Sur le fond, pourtant, la pensée politique de Dominique de Villepin reste mystérieuse. Il prend peu de positions incorrectes. C'est un homme de droite classique, lyrique dans ses discours, assez conservateur sur le fond. Il peut tenir, comme la plupart des responsables de la droite d'alors, un discours vaguement libéral mais sa conception jusqu'à aujourd'hui de la société française est tout ce qu'il y a de plus étatiste. Il ne manque pas de courage : il assume étroitement les mesures impopulaires que prend Alain Juppé, qui augmente les impôts pour réduire les déficits. Et écarte brutalement le secrétaire général adjoint de l'Elysée, Jean-Pierre Denis, qui militait pour réorienter la politique suivie par Matignon vers plus de libéralisme.

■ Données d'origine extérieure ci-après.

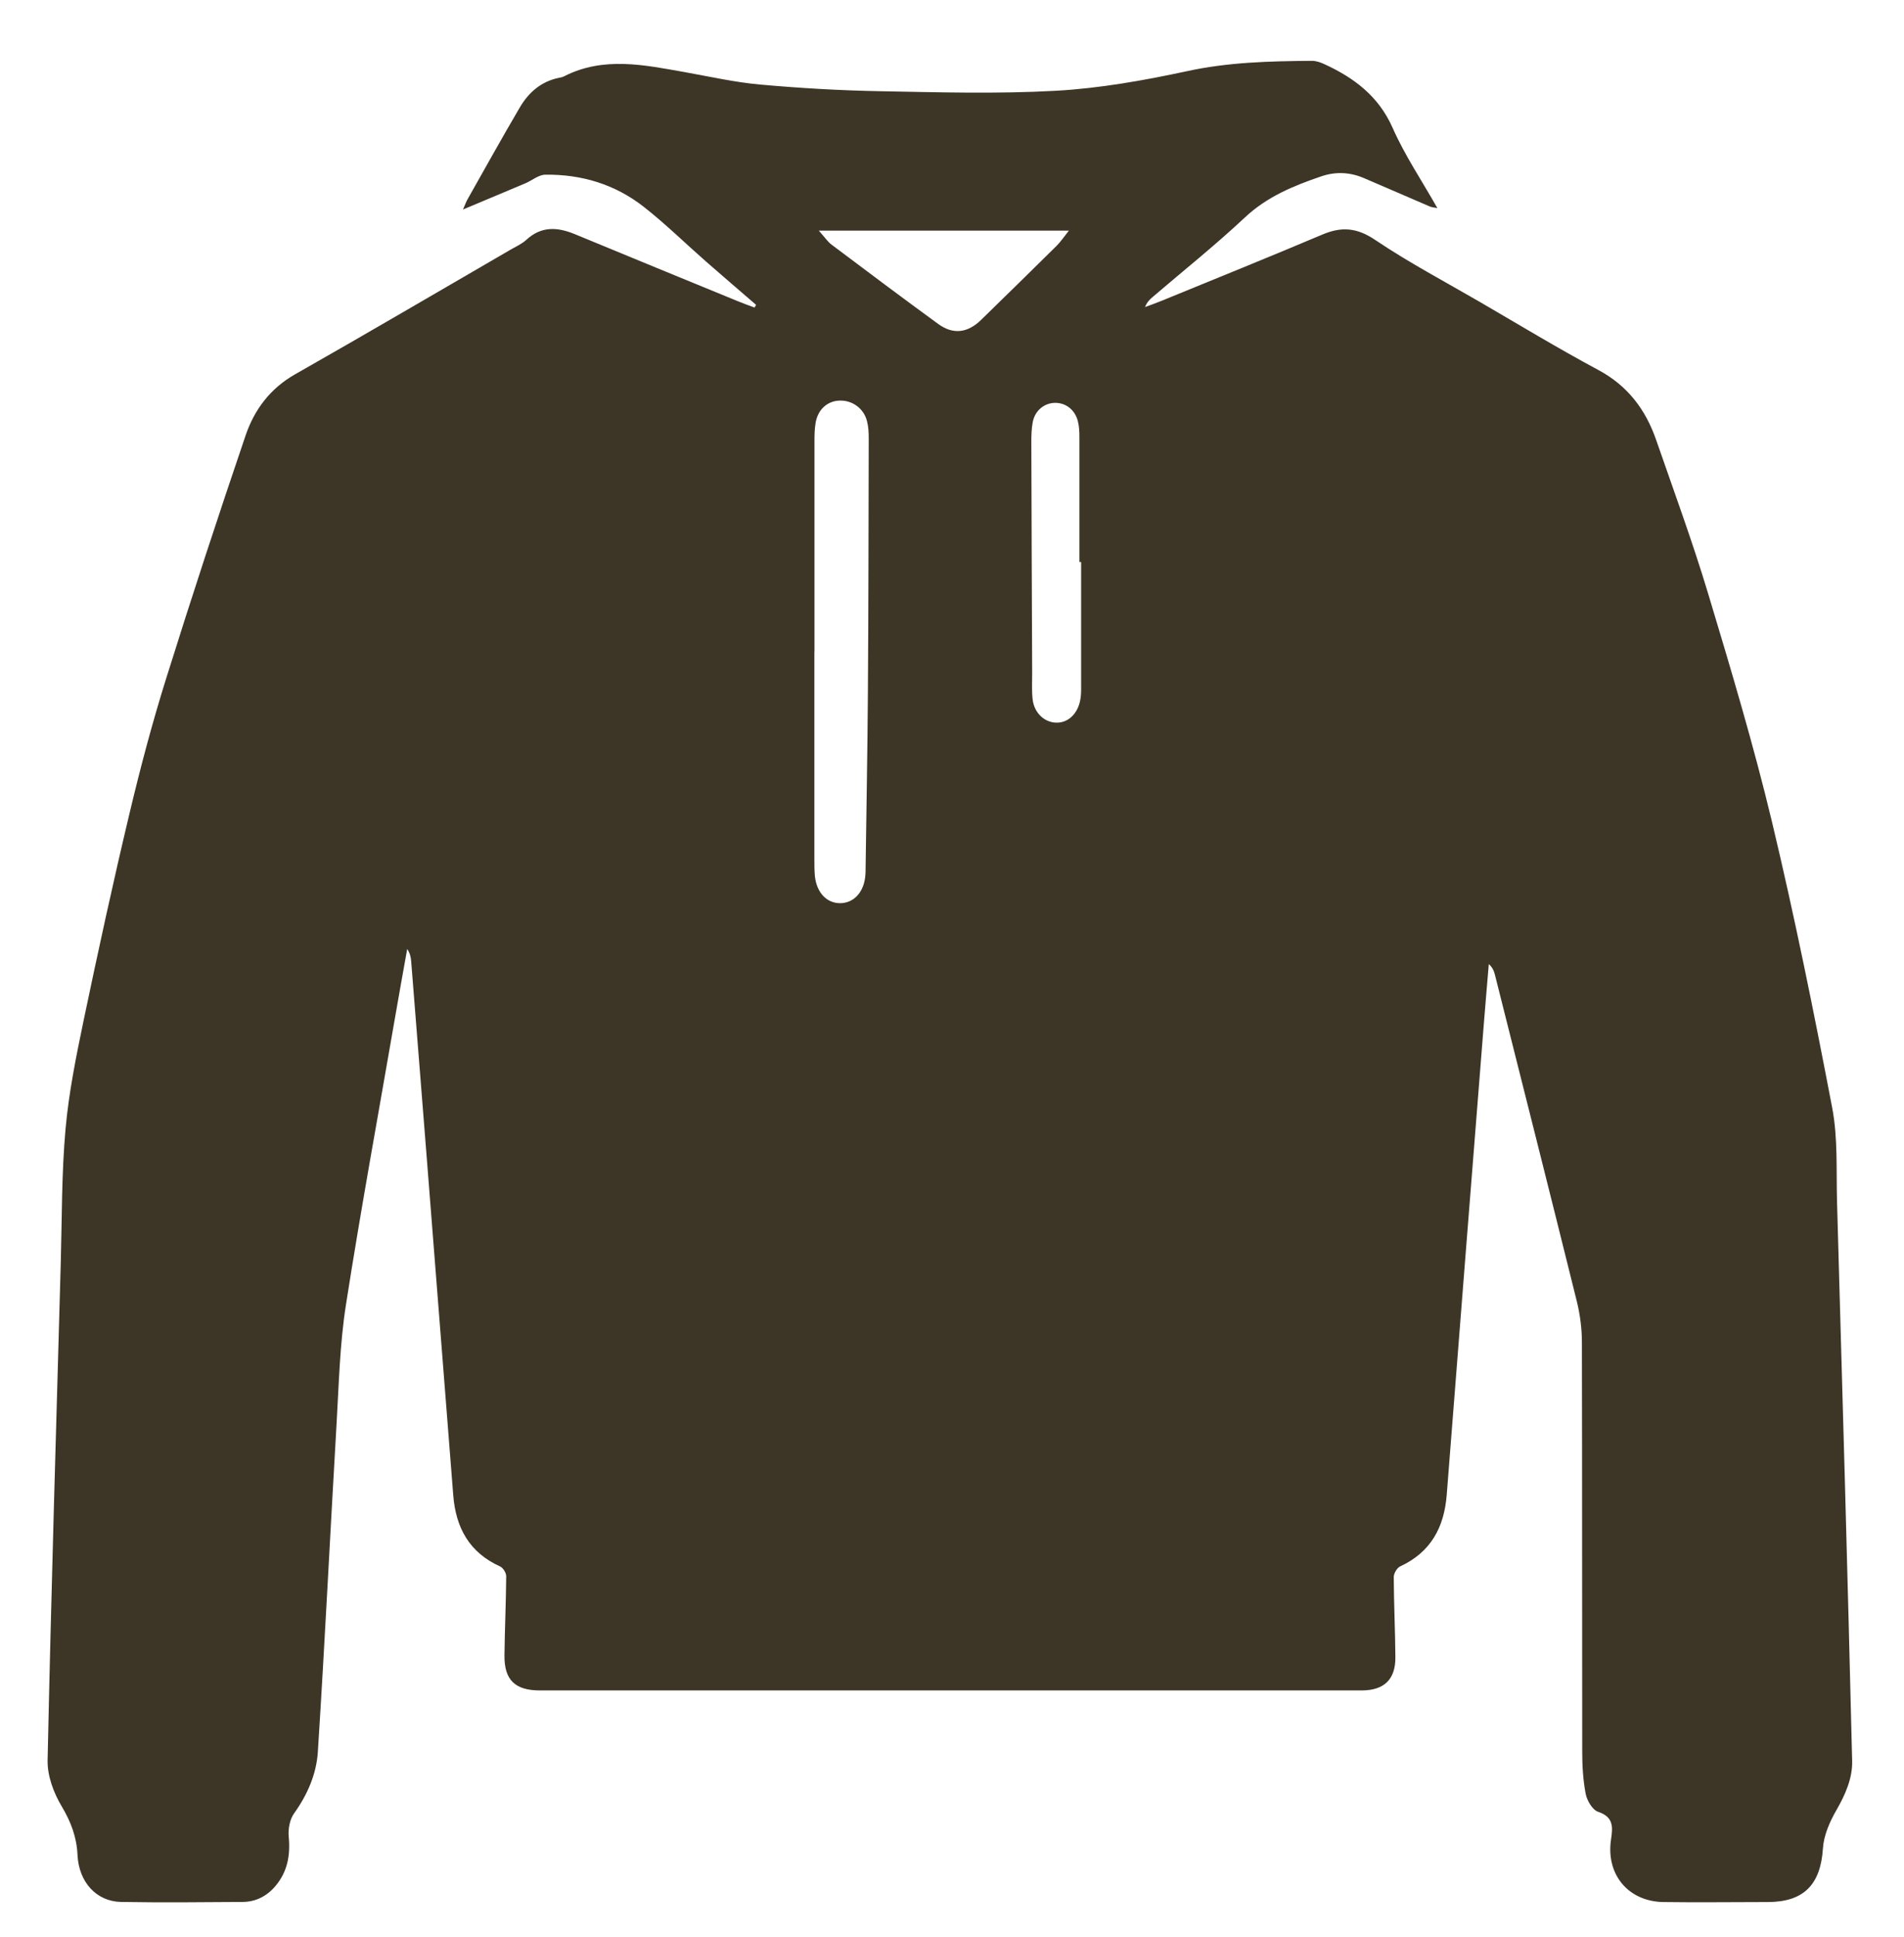 <svg width="60" height="61" viewBox="0 0 60 61" fill="none" xmlns="http://www.w3.org/2000/svg">
<path d="M23.821 9.597C23.297 9.143 22.767 8.693 22.246 8.235C21.593 7.663 20.97 7.05 20.289 6.516C19.388 5.809 18.33 5.487 17.186 5.502C16.978 5.502 16.77 5.681 16.562 5.771C15.929 6.039 15.293 6.305 14.59 6.599C14.654 6.455 14.683 6.369 14.727 6.289C15.274 5.32 15.814 4.349 16.377 3.39C16.655 2.913 17.055 2.562 17.62 2.45C17.671 2.44 17.723 2.431 17.767 2.408C19.02 1.766 20.305 2.047 21.59 2.274C22.38 2.415 23.166 2.594 23.962 2.664C25.209 2.776 26.459 2.849 27.708 2.872C29.562 2.907 31.419 2.961 33.27 2.859C34.651 2.782 36.035 2.536 37.391 2.245C38.698 1.958 40.018 1.926 41.345 1.916C41.479 1.916 41.62 1.967 41.744 2.025C42.678 2.456 43.445 3.032 43.886 4.029C44.266 4.889 44.8 5.681 45.295 6.554C45.18 6.532 45.113 6.529 45.056 6.503C44.362 6.206 43.672 5.905 42.978 5.608C42.537 5.419 42.08 5.4 41.629 5.557C40.757 5.854 39.925 6.196 39.228 6.851C38.295 7.724 37.295 8.523 36.323 9.354C36.227 9.434 36.141 9.524 36.083 9.671C36.256 9.607 36.432 9.546 36.601 9.476C38.292 8.782 39.986 8.101 41.671 7.388C42.281 7.129 42.767 7.171 43.342 7.561C44.401 8.274 45.535 8.872 46.641 9.514C47.878 10.233 49.102 10.975 50.365 11.652C51.292 12.148 51.858 12.899 52.19 13.858C52.75 15.472 53.341 17.077 53.833 18.714C54.549 21.092 55.262 23.473 55.841 25.89C56.553 28.869 57.161 31.873 57.736 34.885C57.922 35.853 57.861 36.873 57.89 37.867C58.056 43.733 58.225 49.598 58.366 55.467C58.379 56.007 58.149 56.531 57.864 57.023C57.656 57.385 57.471 57.81 57.445 58.219C57.372 59.351 56.848 59.904 55.713 59.907C54.613 59.907 53.514 59.923 52.414 59.907C51.308 59.888 50.602 59.037 50.768 57.934C50.829 57.532 50.845 57.225 50.355 57.062C50.18 57.001 50.01 56.71 49.969 56.499C49.886 56.065 49.86 55.611 49.86 55.166C49.854 50.87 49.86 46.574 49.85 42.278C49.85 41.85 49.793 41.409 49.691 40.993C48.84 37.557 47.971 34.127 47.108 30.697C47.079 30.582 47.034 30.47 46.916 30.365C46.862 31.02 46.804 31.672 46.753 32.327C46.363 37.247 45.973 42.163 45.59 47.083C45.51 48.105 45.088 48.889 44.122 49.336C44.023 49.381 43.921 49.556 43.921 49.668C43.924 50.512 43.966 51.353 43.972 52.197C43.978 52.897 43.614 53.242 42.908 53.242C38.624 53.242 34.341 53.242 30.058 53.242C25.711 53.242 21.363 53.242 17.016 53.242C16.23 53.242 15.888 52.913 15.897 52.136C15.907 51.305 15.945 50.477 15.952 49.646C15.952 49.541 15.856 49.384 15.763 49.339C14.791 48.901 14.363 48.118 14.283 47.095C14.002 43.49 13.717 39.881 13.433 36.275C13.276 34.274 13.116 32.273 12.957 30.272C12.947 30.147 12.921 30.023 12.832 29.889C12.707 30.592 12.579 31.292 12.458 31.995C11.934 35.029 11.377 38.056 10.901 41.099C10.706 42.345 10.678 43.617 10.604 44.88C10.403 48.313 10.236 51.749 10.016 55.179C9.971 55.876 9.69 56.525 9.268 57.113C9.13 57.305 9.076 57.608 9.098 57.848C9.153 58.427 9.063 58.945 8.686 59.395C8.421 59.715 8.069 59.9 7.65 59.904C6.372 59.913 5.093 59.926 3.815 59.904C3.035 59.888 2.485 59.277 2.443 58.43C2.418 57.867 2.239 57.388 1.948 56.899C1.692 56.474 1.491 55.934 1.5 55.451C1.612 50.209 1.769 44.97 1.916 39.73C1.954 38.337 1.941 36.94 2.066 35.553C2.168 34.412 2.399 33.277 2.632 32.155C3.089 29.968 3.565 27.785 4.083 25.612C4.422 24.186 4.799 22.764 5.237 21.367C6.039 18.803 6.877 16.249 7.743 13.705C8.018 12.902 8.513 12.238 9.293 11.793C11.572 10.499 13.832 9.172 16.099 7.858C16.265 7.762 16.447 7.682 16.585 7.555C17.058 7.117 17.566 7.149 18.116 7.376C19.826 8.085 21.542 8.785 23.256 9.489C23.428 9.559 23.604 9.623 23.777 9.687C23.793 9.661 23.805 9.639 23.821 9.613V9.597ZM25.663 20.532C25.663 22.706 25.663 24.88 25.663 27.053C25.663 27.232 25.663 27.411 25.679 27.59C25.733 28.118 26.056 28.453 26.487 28.447C26.919 28.437 27.232 28.086 27.27 27.565C27.277 27.501 27.277 27.437 27.277 27.373C27.302 25.506 27.338 23.643 27.35 21.776C27.369 19.116 27.369 16.457 27.376 13.797C27.376 13.618 27.366 13.436 27.322 13.267C27.223 12.861 26.849 12.595 26.439 12.618C26.062 12.637 25.768 12.906 25.701 13.324C25.669 13.513 25.666 13.705 25.666 13.896C25.666 16.108 25.666 18.32 25.666 20.532H25.663ZM34.069 17.7C34.05 17.7 34.031 17.7 34.015 17.7C34.015 16.396 34.015 15.092 34.015 13.788C34.015 13.609 34.009 13.427 33.964 13.257C33.868 12.896 33.577 12.682 33.238 12.688C32.903 12.698 32.615 12.931 32.545 13.292C32.503 13.503 32.5 13.724 32.5 13.941C32.506 16.358 32.516 18.771 32.526 21.188C32.526 21.469 32.51 21.753 32.541 22.028C32.589 22.444 32.896 22.738 33.258 22.76C33.622 22.783 33.932 22.524 34.031 22.099C34.06 21.977 34.069 21.846 34.069 21.718C34.069 20.376 34.069 19.033 34.069 17.694V17.7ZM33.683 7.264H25.803C25.985 7.465 26.078 7.612 26.212 7.711C27.325 8.549 28.44 9.383 29.566 10.204C30.035 10.546 30.492 10.489 30.915 10.077C31.71 9.3 32.506 8.526 33.296 7.743C33.424 7.615 33.526 7.462 33.686 7.261L33.683 7.264Z" fill="#3D3525"/>
</svg>

Avec les élus ? Il est épouvantable. Il clame devant tous ceux qui le rencontrent le peu d'estime dans lequel il tient les députés : "Ils ont un organe plus développé que les autres, c'est le trouillomètre. Heureusement qu'ils n'ont aucun pouvoir !" Devant les journalistes, il dresse sans sourciller la liste de ceux qu'il estime ­ deux ou trois noms tout au plus ­ et celle des "connards" , infiniment plus fournie.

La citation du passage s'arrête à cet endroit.